## Assigned task
Restate each record below word for word, skipping images.
%%
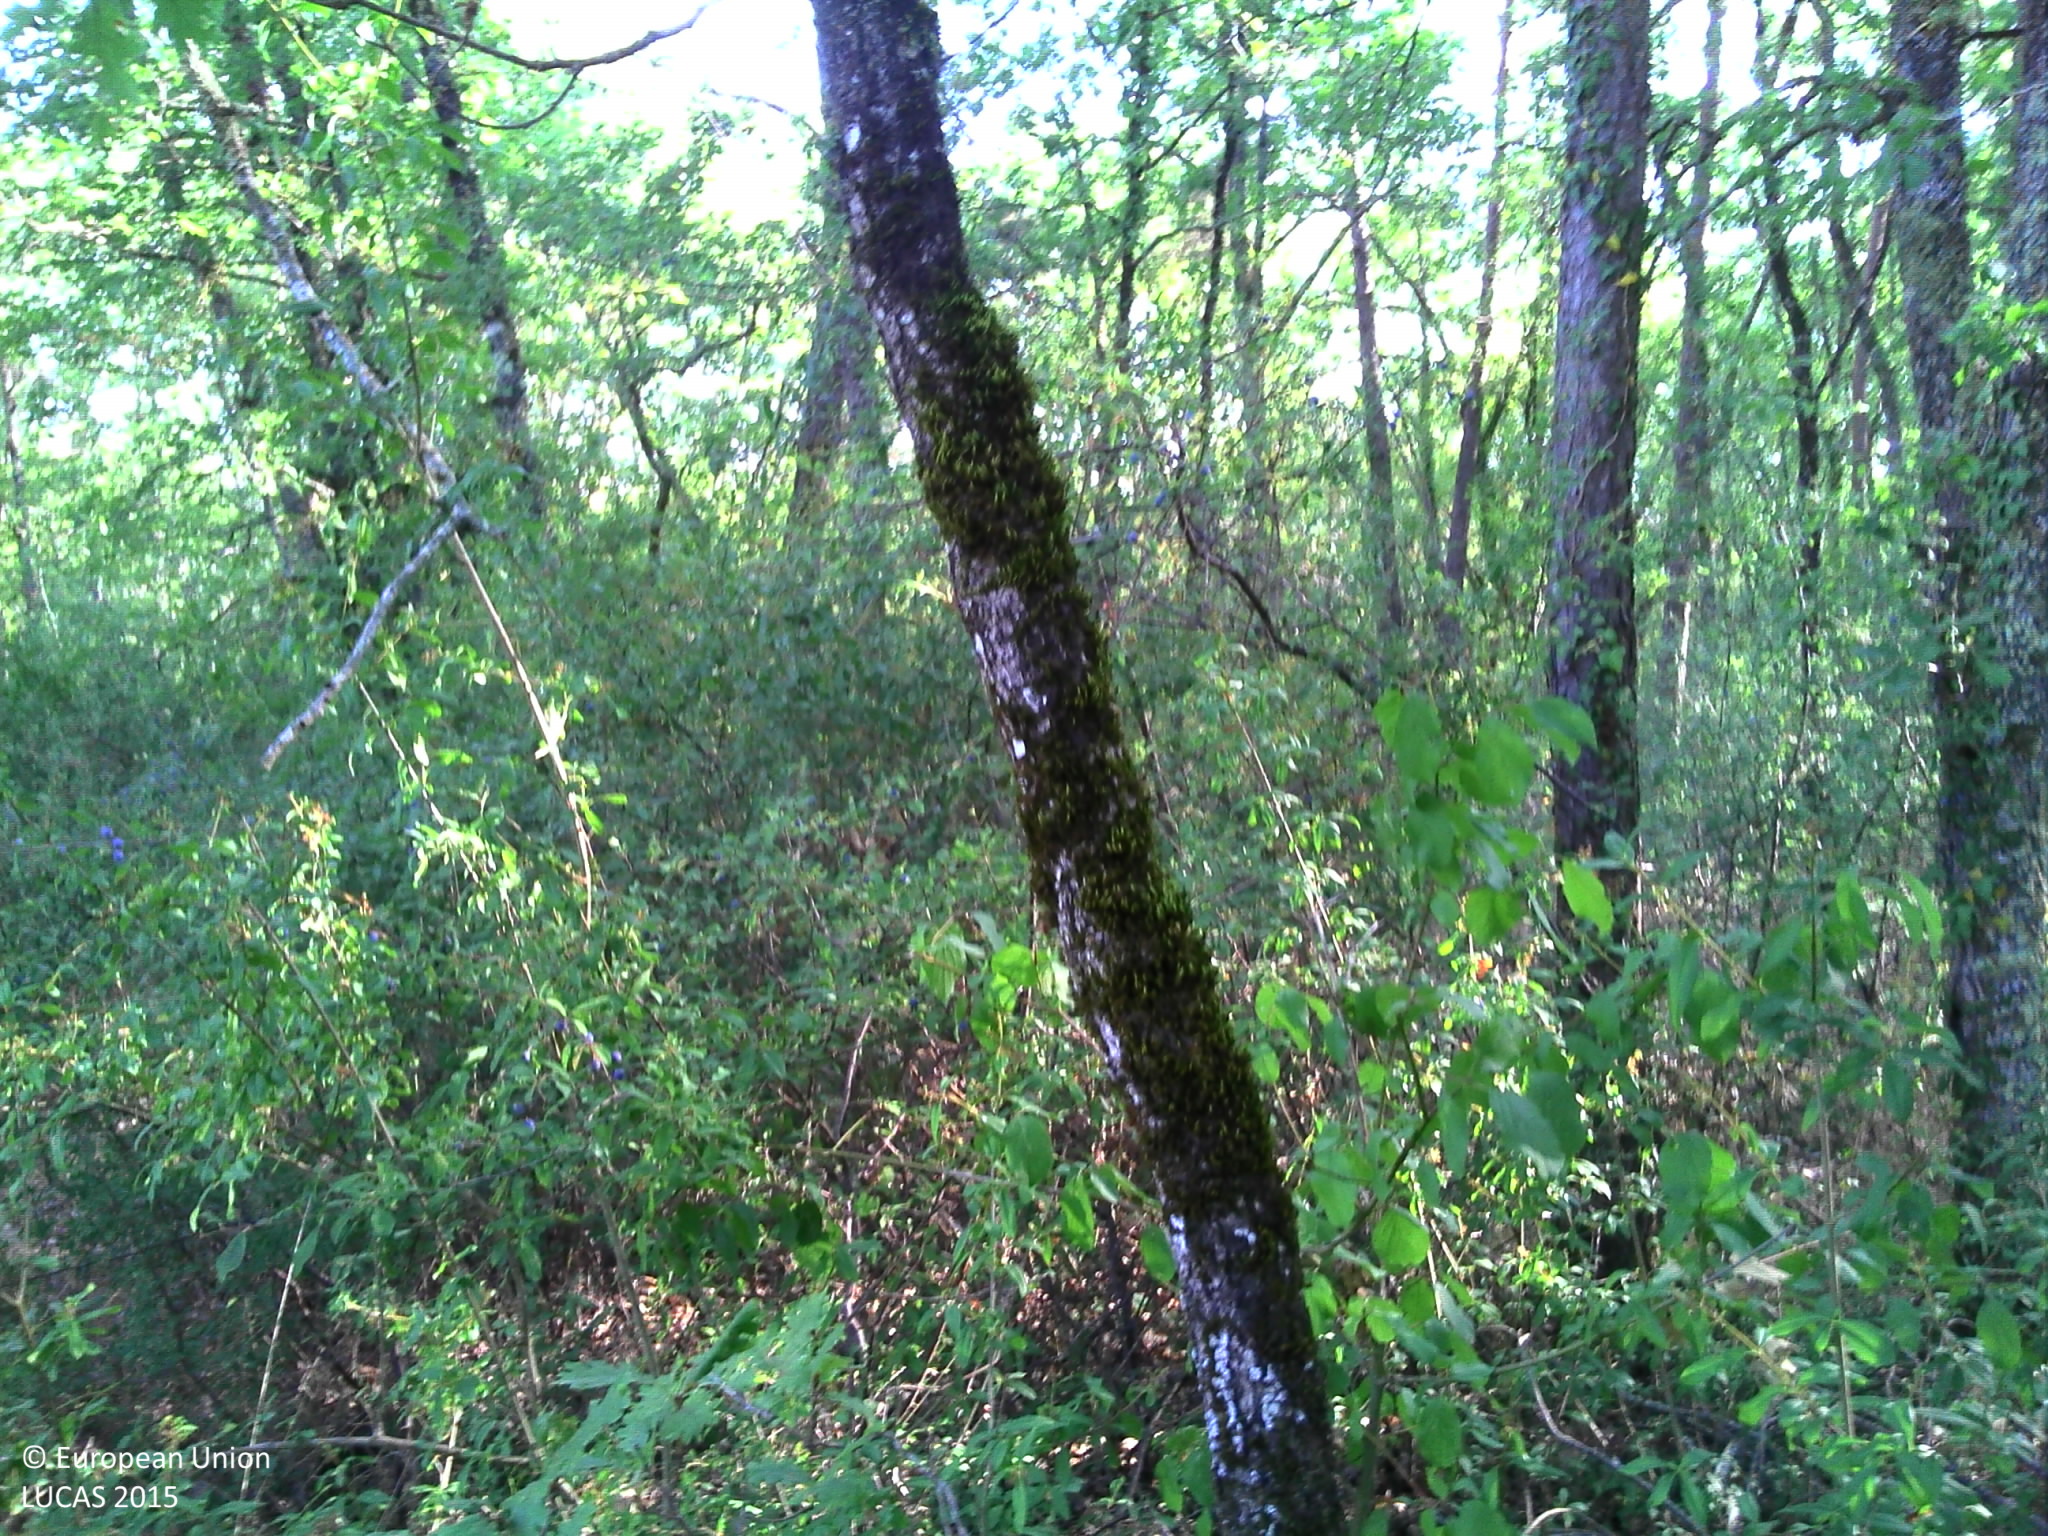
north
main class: Woodland
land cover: Broadleaved woodland
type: acidophilous oak and oak-birch forest
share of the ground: > 75 %
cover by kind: broadleaved forest trees 75 %, herbaceous plants 15 %, coniferous forest trees 5 %, shrubs 5 %
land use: Forestry
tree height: > 5 m
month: July
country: FR
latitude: 45.2514
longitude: 1.0602
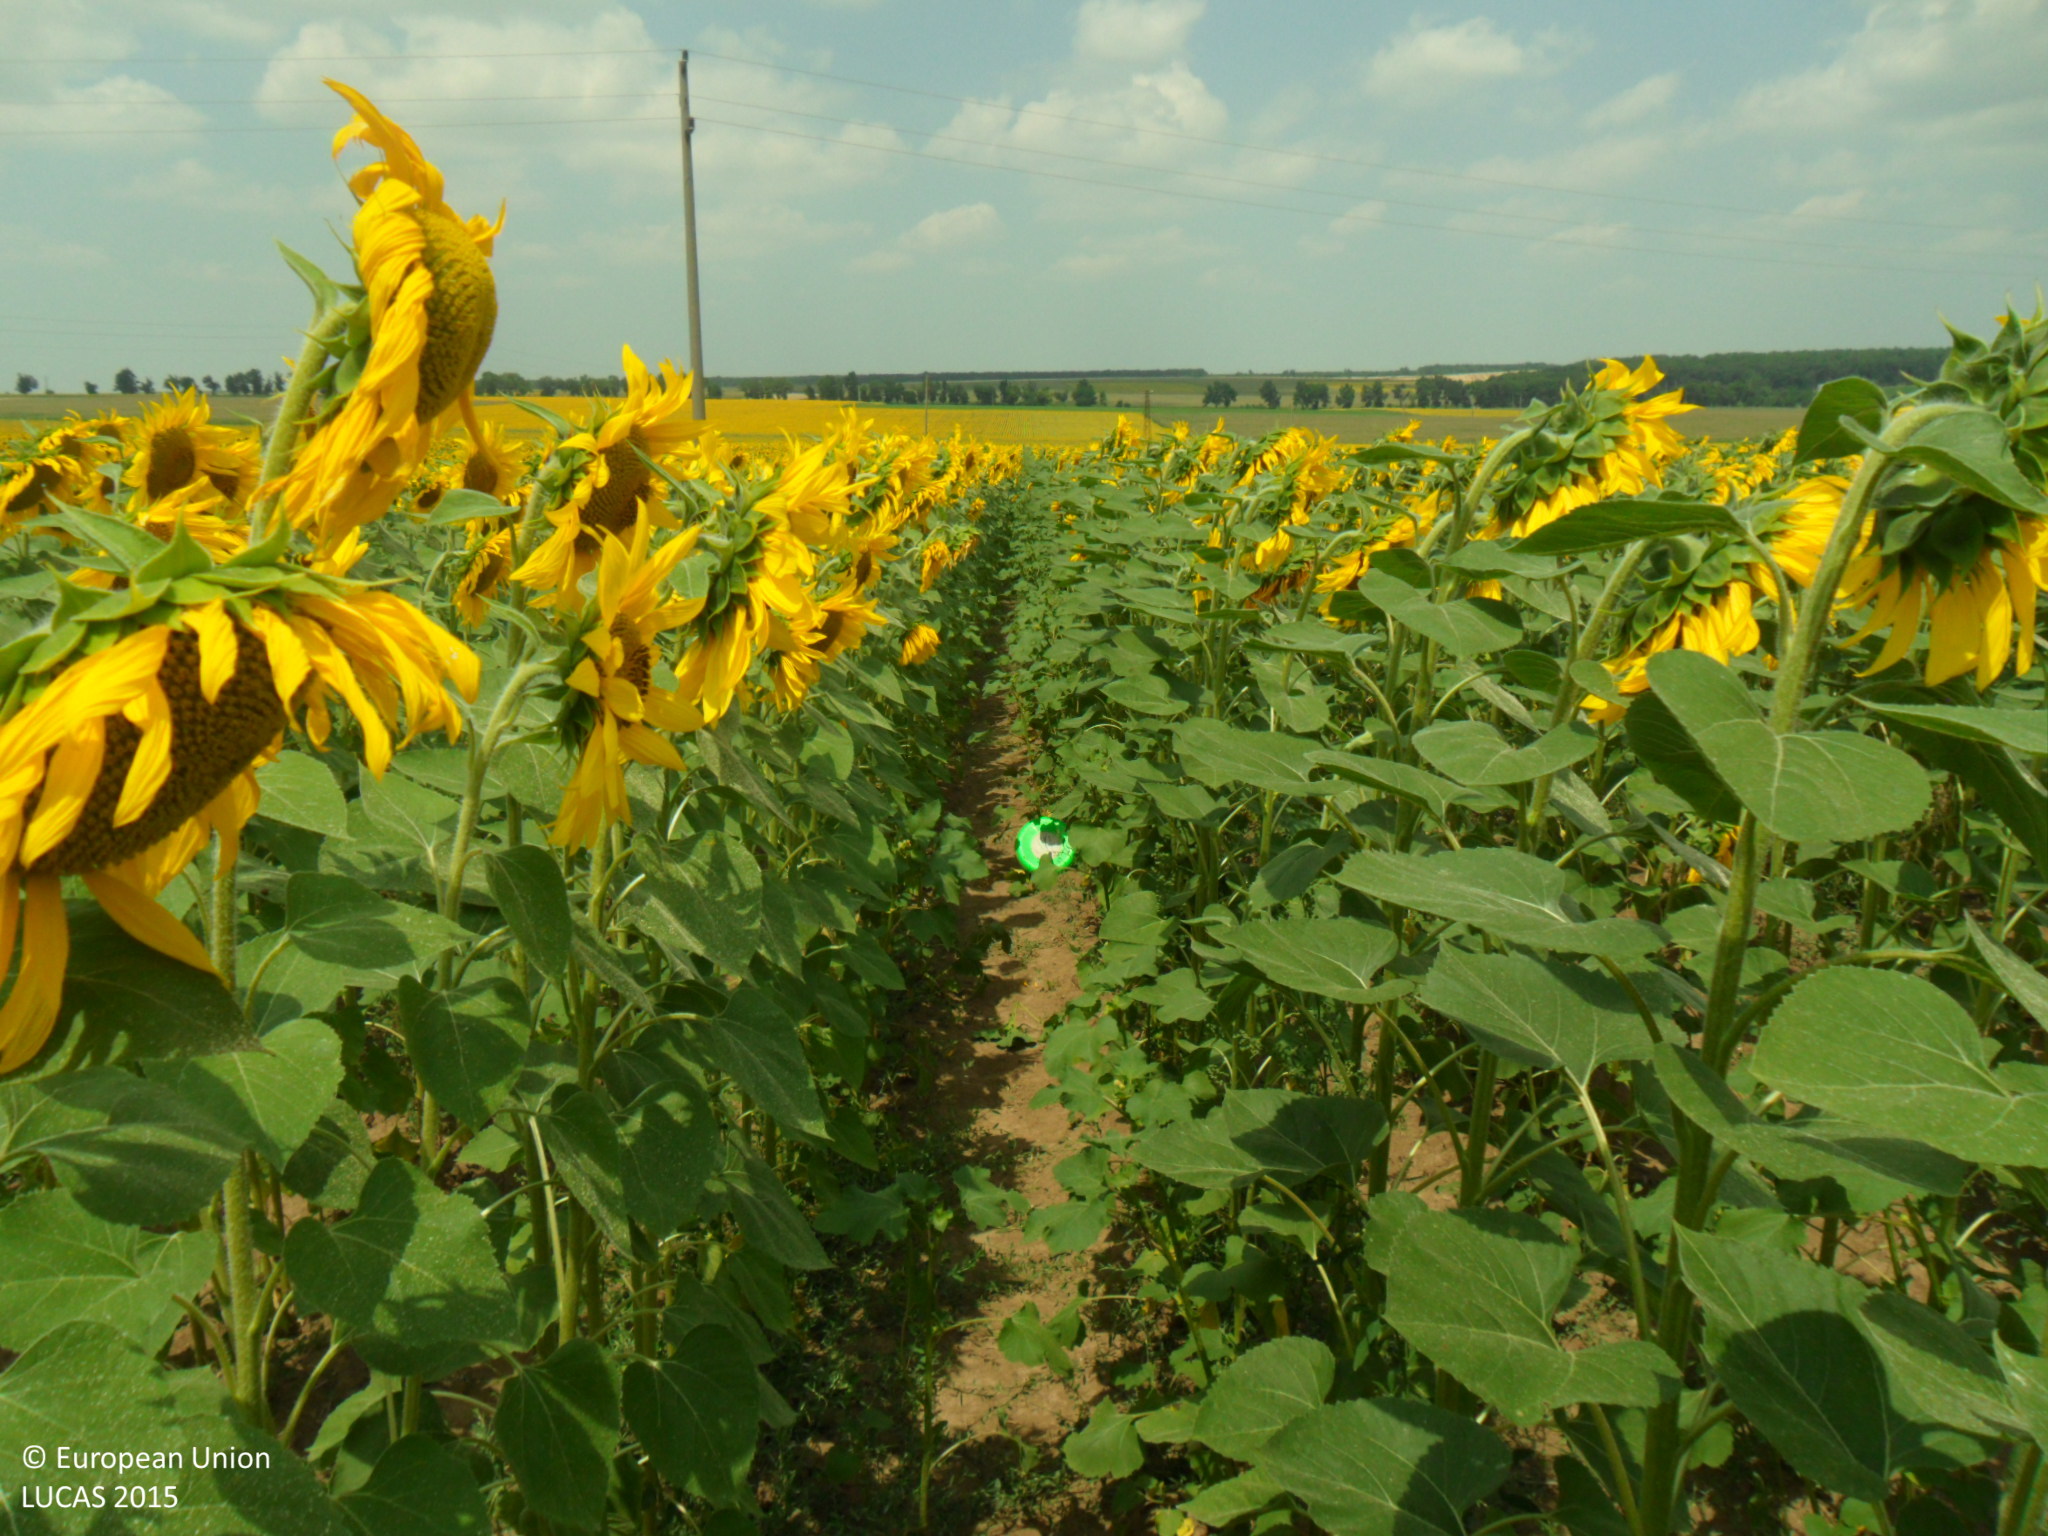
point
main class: Cropland
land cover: Sunflower
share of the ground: > 75 %
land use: Agriculture (excluding fallow land and kitchen gardens)
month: July
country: BG
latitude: 43.5838
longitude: 26.9732
%%
## Answer for the task
north
main class: Woodland
land cover: Broadleaved woodland
type: acidophilous oak and oak-birch forest
share of the ground: > 75 %
cover by kind: broadleaved forest trees 75 %, herbaceous plants 15 %, coniferous forest trees 5 %, shrubs 5 %
land use: Forestry
tree height: > 5 m
month: July
country: FR
latitude: 45.2514
longitude: 1.0602
point
main class: Cropland
land cover: Sunflower
share of the ground: > 75 %
land use: Agriculture (excluding fallow land and kitchen gardens)
month: July
country: BG
latitude: 43.5838
longitude: 26.9732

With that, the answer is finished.